Importing Target URLs Slows the LPM Really Bad
Hallo,
Basically I am scraping for URLs using Hrefer with the GSA footprints. I sort through them; remove duplicates, PR check by domain etc, but I am still left with millions of URLs resulting in TXT files that are hundreds of megabytes in size. This takes too long process when I do it via Advanced > Tools > Import URLs (identify platforms and sort in) > From File. When I did it last it took 4 days with a 300mb file using 40 dedicated private proxies from BuyProxies. (Tested and Speed checked, less than 1 second response) and that was also doing that sort-in exclusively. GSA was not running projects while the sort in was in process.
So it's taking a very long time sort through my lists so I thought I'd import them on a project level, right clicking on project and Import Target URLs > From File. When I did this, I noticed this killed my LPM. It went from around 90LPM to about 12LPM. I think this is because it's processing those URLs in the background.

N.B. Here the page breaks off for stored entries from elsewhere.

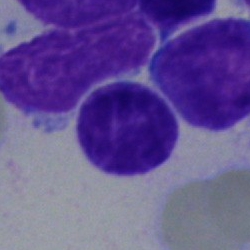
Bone marrow smear showing a blast cell.
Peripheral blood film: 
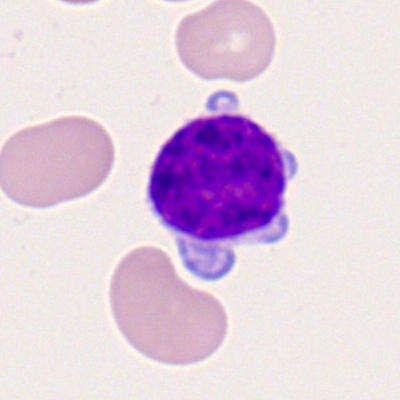

Cell — lymphocyte.
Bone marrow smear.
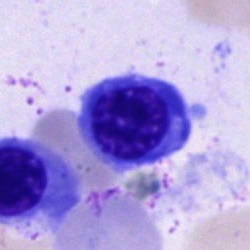 Cell type — normoblast.
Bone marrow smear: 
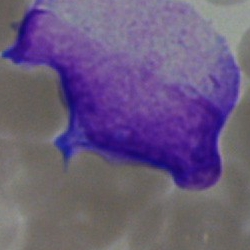{"cell_type": "blast"}
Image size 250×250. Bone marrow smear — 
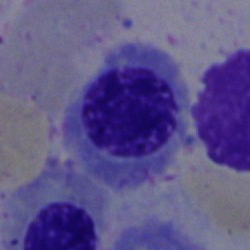

Morphology consistent with a normoblast.
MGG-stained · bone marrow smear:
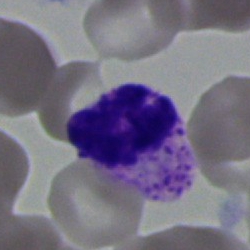 Showing a segmented neutrophil.
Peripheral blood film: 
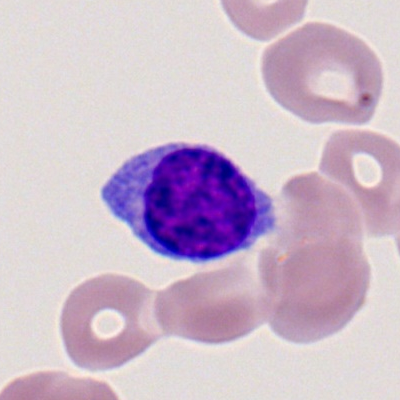
Cell type: lymphocyte.
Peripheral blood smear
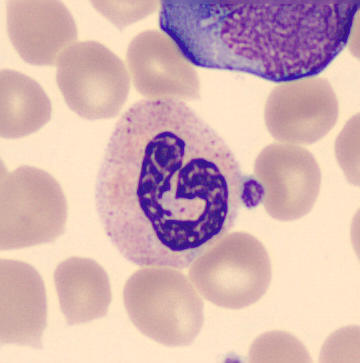 Morphology — polymorphonuclear neutrophil.
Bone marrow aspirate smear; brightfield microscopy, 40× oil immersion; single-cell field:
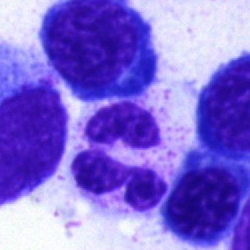

Morphology — neutrophil (segmented).
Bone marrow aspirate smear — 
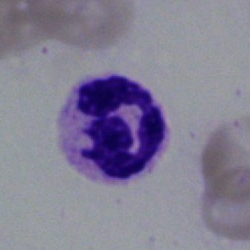
Single cell identified as a neutrophil (segmented).
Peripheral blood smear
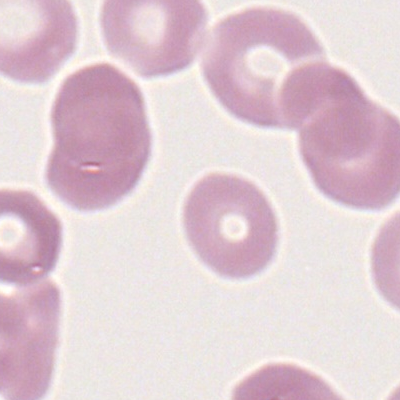
Showing a basket cell.
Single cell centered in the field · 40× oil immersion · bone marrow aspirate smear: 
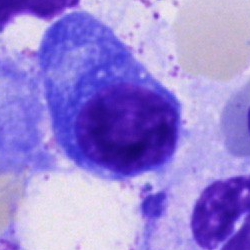The morphological class is plasma cell.
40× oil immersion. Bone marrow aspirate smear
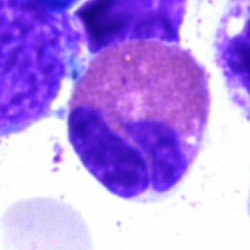
Eosinophil.
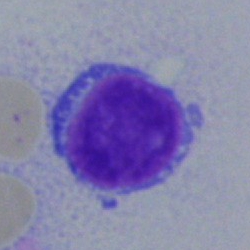 Specimen: bone marrow aspirate smear.
Cell type: lymphocyte.
Lineage: lymphoid.
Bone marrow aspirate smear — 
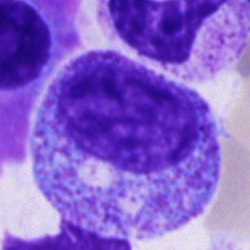 Cell — promyelocyte.
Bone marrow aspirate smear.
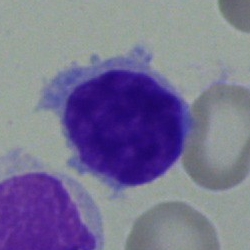 A typical lymphocyte.
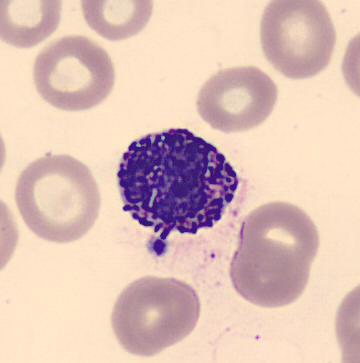

Showing a basophilic granulocyte.

Image: Peripheral blood smear.
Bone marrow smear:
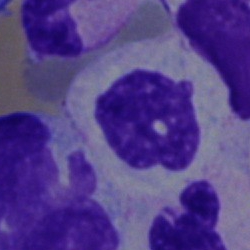Showing a neutrophil (segmented).
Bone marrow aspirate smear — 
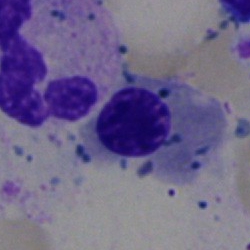

Q: What is shown here?
A: It is an artifact.
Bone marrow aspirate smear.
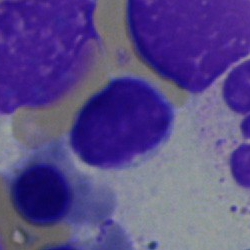

Morphology consistent with a typical lymphocyte.
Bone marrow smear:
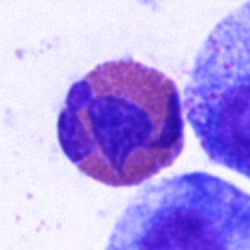Classification — eosinophil.
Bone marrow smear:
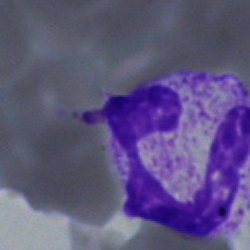 The cell shown is a neutrophil (segmented).
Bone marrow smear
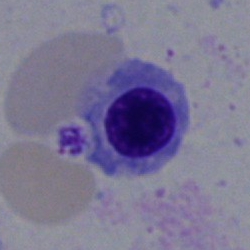

Specimen: bone marrow aspirate smear.
Morphological class: erythroblast.
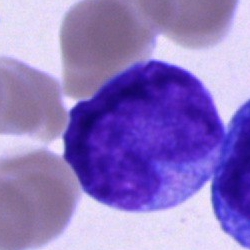The cell shown is an undifferentiated blast.

I feel a bit lost with it. How can I use these scraped links I've got without making GSA horribly slow?
Comments
you are not experiencing anything new. Scraped lists will yield an extremely low success rate especially if you aren't using some more advanced tactics.

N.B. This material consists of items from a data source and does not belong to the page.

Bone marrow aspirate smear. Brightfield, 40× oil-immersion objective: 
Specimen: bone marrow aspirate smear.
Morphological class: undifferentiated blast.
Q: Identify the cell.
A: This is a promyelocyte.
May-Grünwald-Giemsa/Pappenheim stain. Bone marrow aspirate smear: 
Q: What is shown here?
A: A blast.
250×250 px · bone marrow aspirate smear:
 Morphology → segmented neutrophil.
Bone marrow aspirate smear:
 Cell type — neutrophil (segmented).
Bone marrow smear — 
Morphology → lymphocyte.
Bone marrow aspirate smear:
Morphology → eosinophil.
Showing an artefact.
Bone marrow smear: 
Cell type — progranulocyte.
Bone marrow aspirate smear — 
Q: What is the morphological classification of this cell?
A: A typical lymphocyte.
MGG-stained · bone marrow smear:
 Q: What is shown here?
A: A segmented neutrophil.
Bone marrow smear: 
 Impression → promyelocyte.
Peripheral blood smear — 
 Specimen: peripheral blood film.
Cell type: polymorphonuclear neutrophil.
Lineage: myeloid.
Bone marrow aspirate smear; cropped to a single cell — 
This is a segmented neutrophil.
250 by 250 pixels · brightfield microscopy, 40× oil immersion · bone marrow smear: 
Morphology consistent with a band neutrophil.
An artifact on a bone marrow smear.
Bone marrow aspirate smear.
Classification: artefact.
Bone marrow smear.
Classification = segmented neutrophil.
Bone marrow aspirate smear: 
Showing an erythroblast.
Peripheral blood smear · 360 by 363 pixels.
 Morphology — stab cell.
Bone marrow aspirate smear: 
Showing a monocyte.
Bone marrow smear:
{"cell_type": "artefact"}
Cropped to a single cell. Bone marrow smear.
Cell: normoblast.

if you just run the list it is going to sort anyway
advanced tactics would entail footprint lists and using some more in depth processes to evaluate what others are doing and capitalize
sorry that I am not more revealing on the advanced tactics portion
Okay, yeah I'm already doing that advanced stuff. I thought you were referring to something else.
https://forum.gsa-online.de/discussion/838/independent-tool-for-importing-and-sorting-urls
mmtj mentioned.
"Now we identify the scrape in GSA (no proxies, re-download 1x) - we have a good dedi. with a superb line (poweruphosting) and some blazing fast VPS on a private cloud server and we can identify the 3mill. in one night easily."
I tested my poweruphosting VPS, i can only identify 0.2mil in one night. I feel great pain there, but I really don't know any better way to work similar problem.
But at least this is an idea for you. And hope some one can get another way to solve the problem.